++++ Data section ++++
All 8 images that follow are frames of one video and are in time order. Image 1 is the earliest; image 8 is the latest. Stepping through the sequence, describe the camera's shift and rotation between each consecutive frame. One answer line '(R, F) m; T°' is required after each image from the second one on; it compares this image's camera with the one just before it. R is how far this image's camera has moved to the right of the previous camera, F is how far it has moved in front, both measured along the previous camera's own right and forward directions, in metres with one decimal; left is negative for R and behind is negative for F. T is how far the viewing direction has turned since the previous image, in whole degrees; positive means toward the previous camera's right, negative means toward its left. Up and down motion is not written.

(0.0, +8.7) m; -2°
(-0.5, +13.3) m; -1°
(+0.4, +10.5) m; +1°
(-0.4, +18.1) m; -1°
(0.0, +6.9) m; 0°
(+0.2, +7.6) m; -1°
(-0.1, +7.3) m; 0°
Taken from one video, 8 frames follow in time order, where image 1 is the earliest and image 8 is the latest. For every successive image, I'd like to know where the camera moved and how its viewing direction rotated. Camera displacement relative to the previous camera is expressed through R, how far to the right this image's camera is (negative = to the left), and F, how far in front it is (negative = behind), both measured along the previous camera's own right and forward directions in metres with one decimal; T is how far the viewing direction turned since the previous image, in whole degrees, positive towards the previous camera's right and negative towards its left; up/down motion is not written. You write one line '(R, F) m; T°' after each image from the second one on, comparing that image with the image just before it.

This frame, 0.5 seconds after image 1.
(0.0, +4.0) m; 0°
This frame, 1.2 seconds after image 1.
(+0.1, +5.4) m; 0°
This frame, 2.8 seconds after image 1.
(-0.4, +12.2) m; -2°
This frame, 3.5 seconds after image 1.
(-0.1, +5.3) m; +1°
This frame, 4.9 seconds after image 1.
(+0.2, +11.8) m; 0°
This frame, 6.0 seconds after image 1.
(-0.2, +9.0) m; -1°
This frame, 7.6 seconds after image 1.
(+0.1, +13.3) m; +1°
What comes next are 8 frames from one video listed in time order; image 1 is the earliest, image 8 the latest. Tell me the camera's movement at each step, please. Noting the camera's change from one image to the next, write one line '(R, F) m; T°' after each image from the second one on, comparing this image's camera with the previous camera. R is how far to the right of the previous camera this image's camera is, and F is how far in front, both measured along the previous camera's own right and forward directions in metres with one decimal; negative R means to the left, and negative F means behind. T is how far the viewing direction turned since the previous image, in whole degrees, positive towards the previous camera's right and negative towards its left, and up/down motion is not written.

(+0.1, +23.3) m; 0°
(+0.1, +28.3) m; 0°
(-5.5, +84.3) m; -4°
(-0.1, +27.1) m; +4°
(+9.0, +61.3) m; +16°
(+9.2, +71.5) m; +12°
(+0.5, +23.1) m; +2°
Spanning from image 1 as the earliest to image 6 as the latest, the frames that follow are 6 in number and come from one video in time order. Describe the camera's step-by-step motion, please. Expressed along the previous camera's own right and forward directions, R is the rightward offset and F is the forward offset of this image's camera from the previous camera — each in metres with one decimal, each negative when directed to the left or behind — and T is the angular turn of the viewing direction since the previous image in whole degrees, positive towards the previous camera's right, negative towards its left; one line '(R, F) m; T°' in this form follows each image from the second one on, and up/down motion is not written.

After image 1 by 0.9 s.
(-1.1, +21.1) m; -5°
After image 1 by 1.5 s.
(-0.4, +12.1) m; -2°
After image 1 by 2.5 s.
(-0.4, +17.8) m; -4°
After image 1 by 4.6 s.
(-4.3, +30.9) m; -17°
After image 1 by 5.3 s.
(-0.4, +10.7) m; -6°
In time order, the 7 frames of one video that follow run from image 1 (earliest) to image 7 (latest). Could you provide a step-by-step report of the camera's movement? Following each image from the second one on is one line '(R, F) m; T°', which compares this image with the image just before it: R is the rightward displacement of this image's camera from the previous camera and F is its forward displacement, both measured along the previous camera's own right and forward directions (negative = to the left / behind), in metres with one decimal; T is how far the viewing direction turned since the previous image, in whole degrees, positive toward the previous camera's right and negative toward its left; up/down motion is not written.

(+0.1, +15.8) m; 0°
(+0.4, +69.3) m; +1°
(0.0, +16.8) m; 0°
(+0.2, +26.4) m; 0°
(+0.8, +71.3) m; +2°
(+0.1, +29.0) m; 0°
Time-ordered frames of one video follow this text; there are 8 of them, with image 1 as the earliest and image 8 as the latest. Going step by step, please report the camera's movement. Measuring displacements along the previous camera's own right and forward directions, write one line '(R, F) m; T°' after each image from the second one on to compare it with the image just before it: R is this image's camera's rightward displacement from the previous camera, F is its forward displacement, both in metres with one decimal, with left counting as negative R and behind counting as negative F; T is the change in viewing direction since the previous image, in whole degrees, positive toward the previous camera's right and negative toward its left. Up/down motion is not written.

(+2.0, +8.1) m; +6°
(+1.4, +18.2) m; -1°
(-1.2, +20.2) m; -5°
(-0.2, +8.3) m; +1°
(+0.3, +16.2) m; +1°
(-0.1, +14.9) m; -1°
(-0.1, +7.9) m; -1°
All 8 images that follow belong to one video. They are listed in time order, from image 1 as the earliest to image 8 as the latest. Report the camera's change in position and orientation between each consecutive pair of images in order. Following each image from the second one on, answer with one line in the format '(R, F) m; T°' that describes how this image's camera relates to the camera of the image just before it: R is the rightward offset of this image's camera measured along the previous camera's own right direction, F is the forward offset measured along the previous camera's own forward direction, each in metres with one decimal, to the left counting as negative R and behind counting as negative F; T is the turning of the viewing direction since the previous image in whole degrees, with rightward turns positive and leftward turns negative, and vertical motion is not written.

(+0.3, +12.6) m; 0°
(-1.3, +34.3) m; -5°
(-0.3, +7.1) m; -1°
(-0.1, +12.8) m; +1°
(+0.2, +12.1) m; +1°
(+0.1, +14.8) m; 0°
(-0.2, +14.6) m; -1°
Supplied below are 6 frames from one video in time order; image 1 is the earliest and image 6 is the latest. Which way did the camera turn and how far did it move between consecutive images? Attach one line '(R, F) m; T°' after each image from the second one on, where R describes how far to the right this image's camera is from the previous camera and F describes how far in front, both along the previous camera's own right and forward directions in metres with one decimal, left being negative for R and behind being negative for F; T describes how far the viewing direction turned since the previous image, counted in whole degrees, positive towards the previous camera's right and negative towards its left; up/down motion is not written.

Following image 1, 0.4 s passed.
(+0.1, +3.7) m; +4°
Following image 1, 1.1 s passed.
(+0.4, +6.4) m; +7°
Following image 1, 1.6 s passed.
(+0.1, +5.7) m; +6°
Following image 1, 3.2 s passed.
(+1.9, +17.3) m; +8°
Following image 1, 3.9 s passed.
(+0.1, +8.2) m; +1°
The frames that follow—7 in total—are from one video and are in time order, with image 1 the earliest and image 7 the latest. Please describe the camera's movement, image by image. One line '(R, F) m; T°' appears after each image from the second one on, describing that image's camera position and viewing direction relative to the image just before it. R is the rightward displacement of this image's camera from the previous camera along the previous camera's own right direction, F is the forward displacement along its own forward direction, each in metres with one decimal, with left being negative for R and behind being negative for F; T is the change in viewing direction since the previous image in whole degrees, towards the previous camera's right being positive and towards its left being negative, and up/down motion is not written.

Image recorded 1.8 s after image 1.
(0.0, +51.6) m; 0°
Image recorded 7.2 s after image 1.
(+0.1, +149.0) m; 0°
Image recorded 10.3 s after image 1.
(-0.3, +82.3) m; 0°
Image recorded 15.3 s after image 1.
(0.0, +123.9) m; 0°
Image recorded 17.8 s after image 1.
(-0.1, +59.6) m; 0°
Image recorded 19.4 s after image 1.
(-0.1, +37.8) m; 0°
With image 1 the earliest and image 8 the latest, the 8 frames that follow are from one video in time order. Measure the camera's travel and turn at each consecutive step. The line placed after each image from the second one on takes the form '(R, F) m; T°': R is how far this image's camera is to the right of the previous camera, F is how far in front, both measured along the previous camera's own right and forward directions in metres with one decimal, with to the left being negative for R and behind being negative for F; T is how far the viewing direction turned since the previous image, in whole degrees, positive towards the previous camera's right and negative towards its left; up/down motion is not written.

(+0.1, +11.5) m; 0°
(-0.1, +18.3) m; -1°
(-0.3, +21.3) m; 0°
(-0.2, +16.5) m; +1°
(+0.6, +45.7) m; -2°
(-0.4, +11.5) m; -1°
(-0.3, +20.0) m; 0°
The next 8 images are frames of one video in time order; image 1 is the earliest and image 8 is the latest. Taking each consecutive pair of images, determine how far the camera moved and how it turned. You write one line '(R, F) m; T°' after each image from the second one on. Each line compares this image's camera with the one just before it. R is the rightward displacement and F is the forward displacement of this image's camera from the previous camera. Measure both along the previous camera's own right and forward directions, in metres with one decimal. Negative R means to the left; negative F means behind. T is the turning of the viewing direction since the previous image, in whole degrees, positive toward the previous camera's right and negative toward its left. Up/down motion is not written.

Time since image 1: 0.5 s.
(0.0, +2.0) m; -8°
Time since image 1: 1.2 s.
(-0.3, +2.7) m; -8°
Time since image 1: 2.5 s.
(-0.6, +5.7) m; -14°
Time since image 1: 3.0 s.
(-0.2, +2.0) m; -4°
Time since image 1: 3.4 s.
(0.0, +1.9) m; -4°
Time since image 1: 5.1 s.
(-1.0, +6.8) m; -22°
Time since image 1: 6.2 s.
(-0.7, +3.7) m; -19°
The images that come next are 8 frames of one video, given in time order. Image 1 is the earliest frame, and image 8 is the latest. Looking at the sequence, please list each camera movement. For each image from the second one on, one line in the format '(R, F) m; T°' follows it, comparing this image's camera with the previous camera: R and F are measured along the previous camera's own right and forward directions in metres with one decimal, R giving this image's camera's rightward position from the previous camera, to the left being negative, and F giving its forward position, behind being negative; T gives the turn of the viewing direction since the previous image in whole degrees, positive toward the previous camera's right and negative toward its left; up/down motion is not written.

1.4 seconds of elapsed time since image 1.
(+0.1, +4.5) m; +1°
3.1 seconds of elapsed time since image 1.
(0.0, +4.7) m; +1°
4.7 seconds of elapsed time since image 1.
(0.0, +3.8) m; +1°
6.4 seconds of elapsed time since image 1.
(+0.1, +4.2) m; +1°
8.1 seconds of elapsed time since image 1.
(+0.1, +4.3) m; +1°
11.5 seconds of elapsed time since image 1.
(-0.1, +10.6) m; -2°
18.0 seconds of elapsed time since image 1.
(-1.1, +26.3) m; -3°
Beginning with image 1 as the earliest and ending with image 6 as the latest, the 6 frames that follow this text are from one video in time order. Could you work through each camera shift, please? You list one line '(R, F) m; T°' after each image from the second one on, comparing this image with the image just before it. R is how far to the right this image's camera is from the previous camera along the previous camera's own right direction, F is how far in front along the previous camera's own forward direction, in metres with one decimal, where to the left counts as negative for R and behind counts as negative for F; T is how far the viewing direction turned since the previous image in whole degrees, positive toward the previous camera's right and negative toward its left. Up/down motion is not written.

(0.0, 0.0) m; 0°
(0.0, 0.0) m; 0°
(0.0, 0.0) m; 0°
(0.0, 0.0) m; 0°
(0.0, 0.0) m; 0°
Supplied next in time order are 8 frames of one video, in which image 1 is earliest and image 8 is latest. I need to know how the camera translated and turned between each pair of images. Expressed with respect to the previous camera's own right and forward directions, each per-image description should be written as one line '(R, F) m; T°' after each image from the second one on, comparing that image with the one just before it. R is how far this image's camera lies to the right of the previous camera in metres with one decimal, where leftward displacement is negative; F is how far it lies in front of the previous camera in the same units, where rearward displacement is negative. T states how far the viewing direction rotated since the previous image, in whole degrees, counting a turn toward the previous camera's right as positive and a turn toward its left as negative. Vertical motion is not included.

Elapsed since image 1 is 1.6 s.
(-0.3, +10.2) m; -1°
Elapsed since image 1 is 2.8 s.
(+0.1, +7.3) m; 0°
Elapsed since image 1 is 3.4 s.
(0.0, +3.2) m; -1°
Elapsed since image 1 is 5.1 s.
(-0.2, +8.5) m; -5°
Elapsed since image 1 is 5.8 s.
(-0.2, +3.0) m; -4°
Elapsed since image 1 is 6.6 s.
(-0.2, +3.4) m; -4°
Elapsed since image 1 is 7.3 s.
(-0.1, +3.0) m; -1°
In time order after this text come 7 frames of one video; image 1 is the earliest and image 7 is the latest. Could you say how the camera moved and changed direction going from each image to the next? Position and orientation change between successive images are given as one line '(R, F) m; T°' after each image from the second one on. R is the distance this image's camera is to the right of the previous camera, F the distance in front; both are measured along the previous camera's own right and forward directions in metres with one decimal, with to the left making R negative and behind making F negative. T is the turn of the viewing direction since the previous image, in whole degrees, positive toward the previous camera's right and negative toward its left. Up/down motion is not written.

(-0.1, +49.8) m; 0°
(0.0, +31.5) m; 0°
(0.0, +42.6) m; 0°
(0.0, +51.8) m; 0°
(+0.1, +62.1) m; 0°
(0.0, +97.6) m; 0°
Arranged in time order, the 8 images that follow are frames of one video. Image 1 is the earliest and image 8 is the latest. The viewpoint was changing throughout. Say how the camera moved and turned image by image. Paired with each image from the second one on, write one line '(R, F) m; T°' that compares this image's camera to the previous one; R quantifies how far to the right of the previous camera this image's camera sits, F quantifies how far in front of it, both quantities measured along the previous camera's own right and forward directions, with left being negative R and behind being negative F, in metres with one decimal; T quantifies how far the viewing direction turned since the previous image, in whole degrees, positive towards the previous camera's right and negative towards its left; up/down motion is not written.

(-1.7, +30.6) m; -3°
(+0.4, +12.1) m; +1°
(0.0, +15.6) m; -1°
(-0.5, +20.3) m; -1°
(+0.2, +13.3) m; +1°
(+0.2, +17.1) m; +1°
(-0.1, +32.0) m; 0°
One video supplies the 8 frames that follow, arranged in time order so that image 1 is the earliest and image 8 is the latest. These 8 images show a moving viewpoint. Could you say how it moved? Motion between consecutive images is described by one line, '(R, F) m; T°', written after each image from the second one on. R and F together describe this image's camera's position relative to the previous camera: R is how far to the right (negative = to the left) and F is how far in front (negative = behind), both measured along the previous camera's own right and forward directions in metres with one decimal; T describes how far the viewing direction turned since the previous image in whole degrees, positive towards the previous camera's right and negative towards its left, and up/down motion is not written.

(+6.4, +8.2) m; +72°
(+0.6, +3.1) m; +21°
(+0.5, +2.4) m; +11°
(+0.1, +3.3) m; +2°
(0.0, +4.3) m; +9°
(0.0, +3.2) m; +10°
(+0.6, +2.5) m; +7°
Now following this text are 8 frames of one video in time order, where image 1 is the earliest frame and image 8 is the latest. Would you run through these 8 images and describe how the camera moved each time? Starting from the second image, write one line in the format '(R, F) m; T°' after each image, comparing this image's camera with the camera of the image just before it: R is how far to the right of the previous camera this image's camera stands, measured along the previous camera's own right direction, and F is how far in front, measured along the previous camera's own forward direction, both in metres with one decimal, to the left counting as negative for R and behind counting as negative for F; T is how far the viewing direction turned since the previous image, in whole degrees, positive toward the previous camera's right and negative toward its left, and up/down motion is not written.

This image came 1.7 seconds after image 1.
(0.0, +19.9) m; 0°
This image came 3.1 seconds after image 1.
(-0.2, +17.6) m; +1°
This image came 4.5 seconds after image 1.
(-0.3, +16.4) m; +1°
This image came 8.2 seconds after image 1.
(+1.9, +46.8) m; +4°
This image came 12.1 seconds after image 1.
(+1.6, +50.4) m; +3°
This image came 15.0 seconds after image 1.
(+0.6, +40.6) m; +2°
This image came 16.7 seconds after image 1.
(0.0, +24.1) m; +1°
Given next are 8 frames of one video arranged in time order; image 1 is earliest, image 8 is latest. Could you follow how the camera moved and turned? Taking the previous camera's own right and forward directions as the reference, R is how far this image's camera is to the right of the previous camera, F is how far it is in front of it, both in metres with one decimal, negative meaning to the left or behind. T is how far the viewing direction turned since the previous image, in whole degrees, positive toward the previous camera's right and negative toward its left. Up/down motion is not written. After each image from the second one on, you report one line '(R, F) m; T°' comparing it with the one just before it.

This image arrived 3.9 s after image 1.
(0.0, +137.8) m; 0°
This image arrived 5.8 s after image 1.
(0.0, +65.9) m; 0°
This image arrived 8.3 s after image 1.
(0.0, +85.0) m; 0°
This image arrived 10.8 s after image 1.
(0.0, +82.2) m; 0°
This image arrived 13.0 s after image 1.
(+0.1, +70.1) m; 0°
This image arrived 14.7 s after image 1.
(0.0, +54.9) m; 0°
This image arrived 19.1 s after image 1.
++++
- _Requirement_: Using the records above, copy all lines that include the word "Taking".

- _Task result_:
The next 8 images are frames of one video in time order; image 1 is the earliest and image 8 is the latest. Taking each consecutive pair of images, determine how far the camera moved and how it turned. You write one line '(R, F) m; T°' after each image from the second one on. Each line compares this image's camera with the one just before it. R is the rightward displacement and F is the forward displacement of this image's camera from the previous camera. Measure both along the previous camera's own right and forward directions, in metres with one decimal. Negative R means to the left; negative F means behind. T is the turning of the viewing direction since the previous image, in whole degrees, positive toward the previous camera's right and negative toward its left. Up/down motion is not written.
Given next are 8 frames of one video arranged in time order; image 1 is earliest, image 8 is latest. Could you follow how the camera moved and turned? Taking the previous camera's own right and forward directions as the reference, R is how far this image's camera is to the right of the previous camera, F is how far it is in front of it, both in metres with one decimal, negative meaning to the left or behind. T is how far the viewing direction turned since the previous image, in whole degrees, positive toward the previous camera's right and negative toward its left. Up/down motion is not written. After each image from the second one on, you report one line '(R, F) m; T°' comparing it with the one just before it.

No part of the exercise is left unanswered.